WHAT THE TASK ASKS —
Below are the records. List every line holding the word "loop".

SUPPLIED INFORMATION —
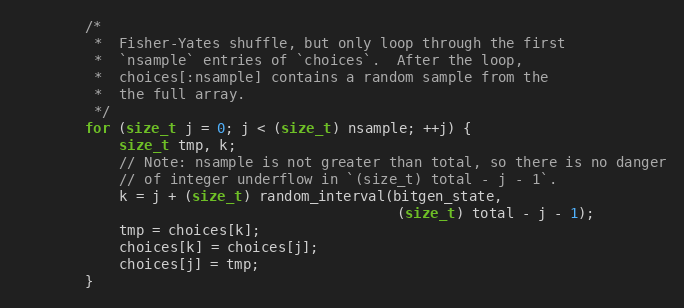
Language: C
        /*
         *  Fisher-Yates shuffle, but only loop through the first
         *  `nsample` entries of `choices`.  After the loop,
         *  choices[:nsample] contains a random sample from the
         *  the full array.
         */
        for (size_t j = 0; j < (size_t) nsample; ++j) {
            size_t tmp, k;
            // Note: nsample is not greater than total, so there is no danger
            // of integer underflow in `(size_t) total - j - 1`.
            k = j + (size_t) random_interval(bitgen_state,
                                             (size_t) total - j - 1);
            tmp = choices[k];
            choices[k] = choices[j];
            choices[j] = tmp;
        }

SOLUTION —
         *  Fisher-Yates shuffle, but only loop through the first
         *  `nsample` entries of `choices`.  After the loop,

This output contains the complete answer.